#### WHAT TO WORK ON:
What you return must match the listing exactly, with every image removed.

Segment Open

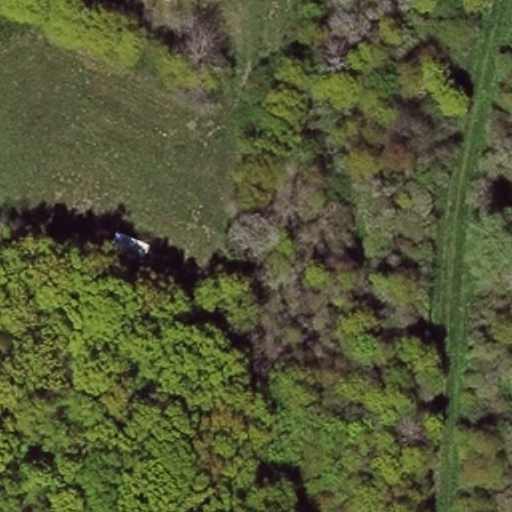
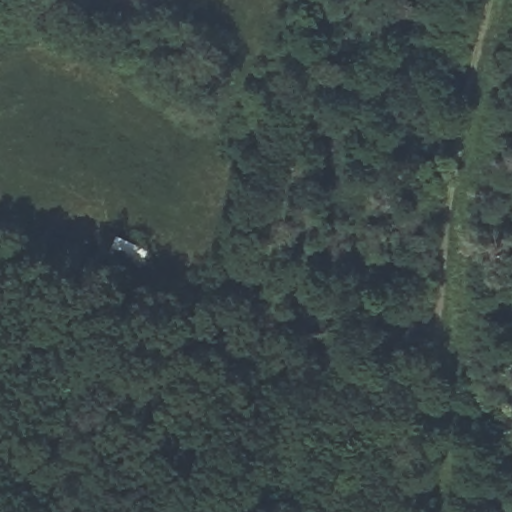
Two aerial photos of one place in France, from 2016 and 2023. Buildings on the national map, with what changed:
unchanged [(110,250),(118,233),(152,250),(143,265),(110,250)]

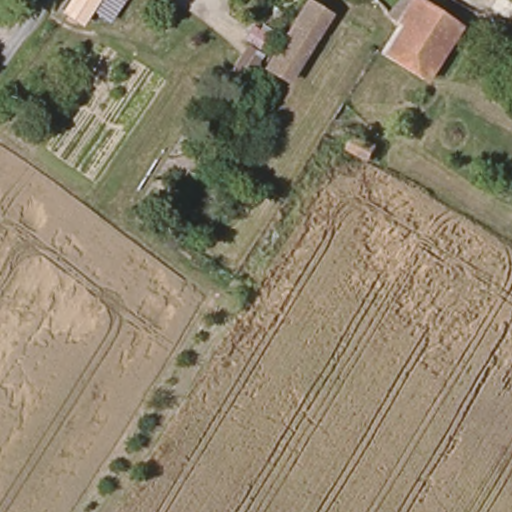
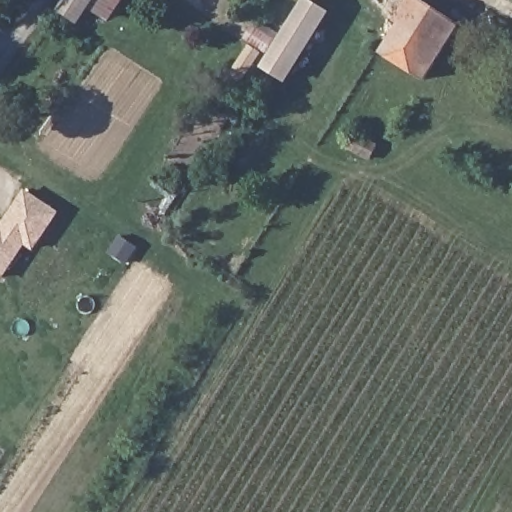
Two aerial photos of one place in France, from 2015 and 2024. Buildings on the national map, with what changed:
unchanged [(126,0),(110,25),(91,14),(80,30),(59,16),(70,0),(126,0)]
unchanged [(396,31),(393,26),(370,0),(413,0),(432,12),(440,6),(452,15),(448,24),(460,32),(450,47),(425,86),(383,58),(396,31)]
demolished [(479,5),(481,0),(512,0),(512,25),(479,5)]
unchanged [(291,81),(270,67),(314,1),(334,16),(306,59),(291,81)]
unchanged [(251,38),(262,22),(282,34),(272,52),(251,38)]
unchanged [(234,77),(249,55),(255,46),(265,54),(260,62),(245,85),(234,77)]
unchanged [(350,150),(357,136),(376,146),(369,161),(350,150)]
new [(23,240),(0,275),(0,224),(23,190),(55,210),(31,246),(23,240)]

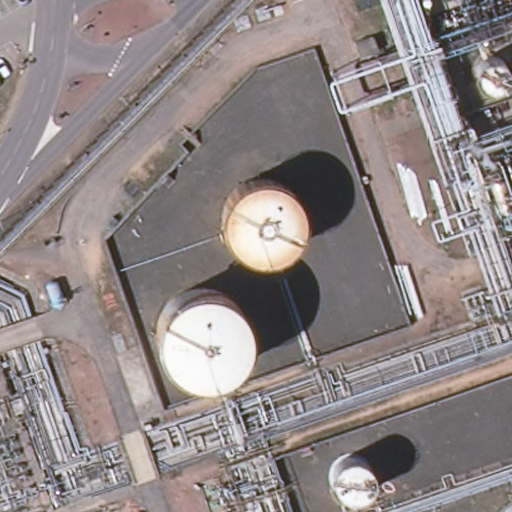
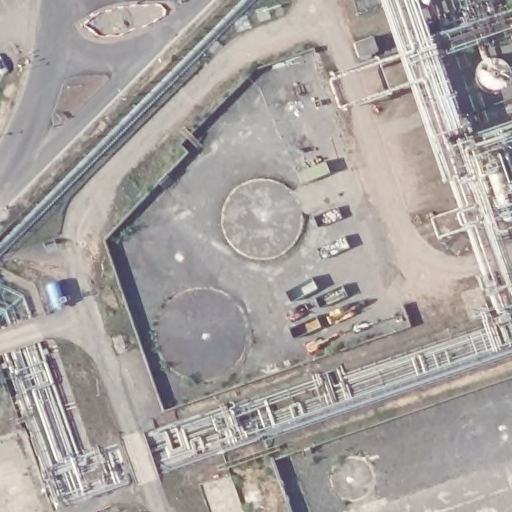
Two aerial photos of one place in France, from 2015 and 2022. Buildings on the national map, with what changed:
unchanged [(512,119),(512,210),(467,222),(439,141),(512,119)]

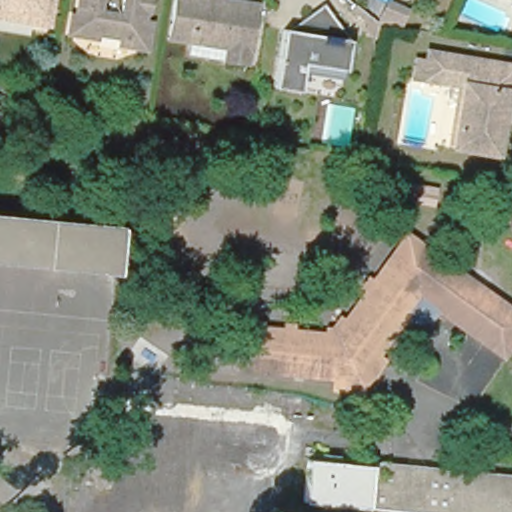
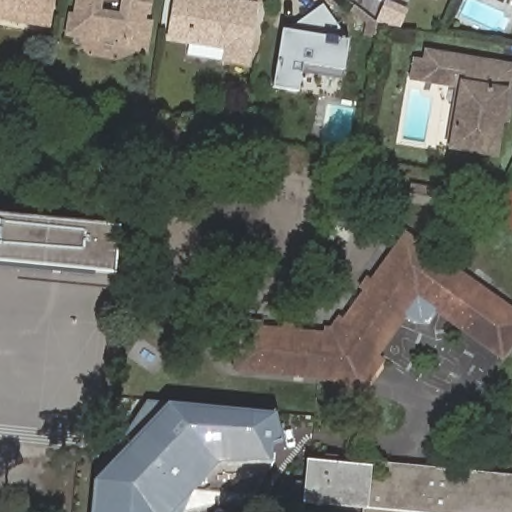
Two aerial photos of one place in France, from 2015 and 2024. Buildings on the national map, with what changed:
unchanged [(15,9),(15,5),(0,2),(0,0),(58,0),(55,16),(15,9)]
unchanged [(148,11),(147,16),(152,16),(148,39),(135,48),(103,42),(103,47),(75,42),(78,24),(83,24),(88,0),(155,0),(153,8),(148,11)]
unchanged [(187,52),(181,51),(183,39),(166,36),(172,0),(202,0),(190,40),(187,52)]
unchanged [(218,58),(187,52),(190,40),(202,0),(253,0),(248,30),(247,40),(243,61),(218,58)]
unchanged [(273,79),(283,26),(297,26),(308,20),(303,13),(320,1),(347,36),(343,64),(302,58),(296,84),(273,79)]
unchanged [(302,58),(343,64),(339,93),(296,84),(302,58)]
unchanged [(453,94),(409,86),(413,69),(424,71),(425,62),(491,73),(512,76),(502,131),(496,130),(489,164),(448,156),(442,155),(453,94)]
unchanged [(115,226),(111,275),(0,263),(0,214),(115,226)]
unchanged [(342,384),(342,383),(340,383),(241,373),(239,373),(244,330),(248,330),(248,323),(268,325),(267,332),(286,334),(286,327),(298,328),(297,336),(324,339),(325,332),(335,333),(342,321),(343,322),(348,325),(368,296),(363,292),(371,281),(375,284),(406,238),(512,313),(512,350),(502,363),(437,317),(429,328),(415,328),(406,321),(379,361),(382,363),(385,365),(382,368),(380,372),(366,393),(347,391),(344,390),(341,390),(341,386),(342,384)]
new [(167,402),(276,412),(284,442),(274,445),(274,460),(254,496),(186,512),(92,512),(95,480),(122,451),(122,438),(150,401),(167,402)]
demolished [(192,441),(223,444),(221,472),(189,469),(192,441)]
unchanged [(420,471),(512,480),(512,512),(360,512),(360,510),(298,504),(302,463),(353,467),(369,469),(369,466),(420,471)]
demolished [(142,473),(186,477),(183,511),(138,508),(142,473)]

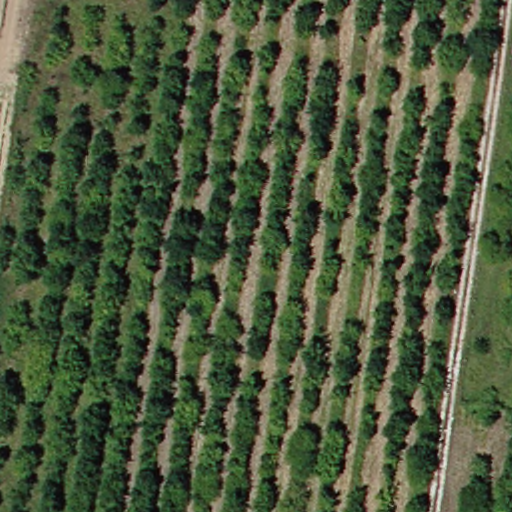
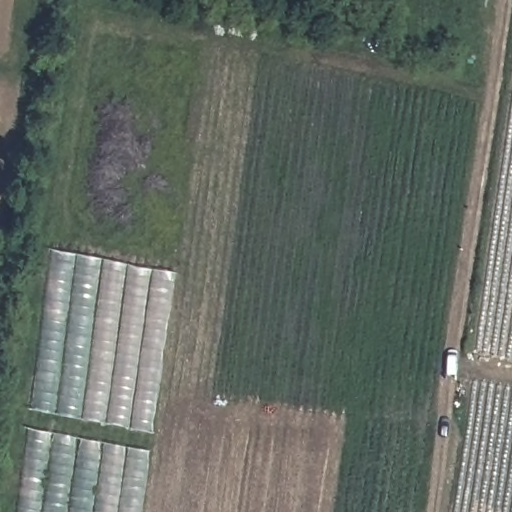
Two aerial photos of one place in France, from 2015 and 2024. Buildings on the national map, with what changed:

Segment Closed

#### WRITTEN SOLUTION:
Two aerial photos of one place in France, from 2016 and 2023. Buildings on the national map, with what changed:
unchanged [(110,250),(118,233),(152,250),(143,265),(110,250)]

Two aerial photos of one place in France, from 2015 and 2024. Buildings on the national map, with what changed:
unchanged [(126,0),(110,25),(91,14),(80,30),(59,16),(70,0),(126,0)]
unchanged [(396,31),(393,26),(370,0),(413,0),(432,12),(440,6),(452,15),(448,24),(460,32),(450,47),(425,86),(383,58),(396,31)]
demolished [(479,5),(481,0),(512,0),(512,25),(479,5)]
unchanged [(291,81),(270,67),(314,1),(334,16),(306,59),(291,81)]
unchanged [(251,38),(262,22),(282,34),(272,52),(251,38)]
unchanged [(234,77),(249,55),(255,46),(265,54),(260,62),(245,85),(234,77)]
unchanged [(350,150),(357,136),(376,146),(369,161),(350,150)]
new [(23,240),(0,275),(0,224),(23,190),(55,210),(31,246),(23,240)]

Two aerial photos of one place in France, from 2015 and 2022. Buildings on the national map, with what changed:
unchanged [(512,119),(512,210),(467,222),(439,141),(512,119)]

Two aerial photos of one place in France, from 2015 and 2024. Buildings on the national map, with what changed:
unchanged [(15,9),(15,5),(0,2),(0,0),(58,0),(55,16),(15,9)]
unchanged [(148,11),(147,16),(152,16),(148,39),(135,48),(103,42),(103,47),(75,42),(78,24),(83,24),(88,0),(155,0),(153,8),(148,11)]
unchanged [(187,52),(181,51),(183,39),(166,36),(172,0),(202,0),(190,40),(187,52)]
unchanged [(218,58),(187,52),(190,40),(202,0),(253,0),(248,30),(247,40),(243,61),(218,58)]
unchanged [(273,79),(283,26),(297,26),(308,20),(303,13),(320,1),(347,36),(343,64),(302,58),(296,84),(273,79)]
unchanged [(302,58),(343,64),(339,93),(296,84),(302,58)]
unchanged [(453,94),(409,86),(413,69),(424,71),(425,62),(491,73),(512,76),(502,131),(496,130),(489,164),(448,156),(442,155),(453,94)]
unchanged [(115,226),(111,275),(0,263),(0,214),(115,226)]
unchanged [(342,384),(342,383),(340,383),(241,373),(239,373),(244,330),(248,330),(248,323),(268,325),(267,332),(286,334),(286,327),(298,328),(297,336),(324,339),(325,332),(335,333),(342,321),(343,322),(348,325),(368,296),(363,292),(371,281),(375,284),(406,238),(512,313),(512,350),(502,363),(437,317),(429,328),(415,328),(406,321),(379,361),(382,363),(385,365),(382,368),(380,372),(366,393),(347,391),(344,390),(341,390),(341,386),(342,384)]
new [(167,402),(276,412),(284,442),(274,445),(274,460),(254,496),(186,512),(92,512),(95,480),(122,451),(122,438),(150,401),(167,402)]
demolished [(192,441),(223,444),(221,472),(189,469),(192,441)]
unchanged [(420,471),(512,480),(512,512),(360,512),(360,510),(298,504),(302,463),(353,467),(369,469),(369,466),(420,471)]
demolished [(142,473),(186,477),(183,511),(138,508),(142,473)]

Two aerial photos of one place in France, from 2015 and 2024. Buildings on the national map, with what changed:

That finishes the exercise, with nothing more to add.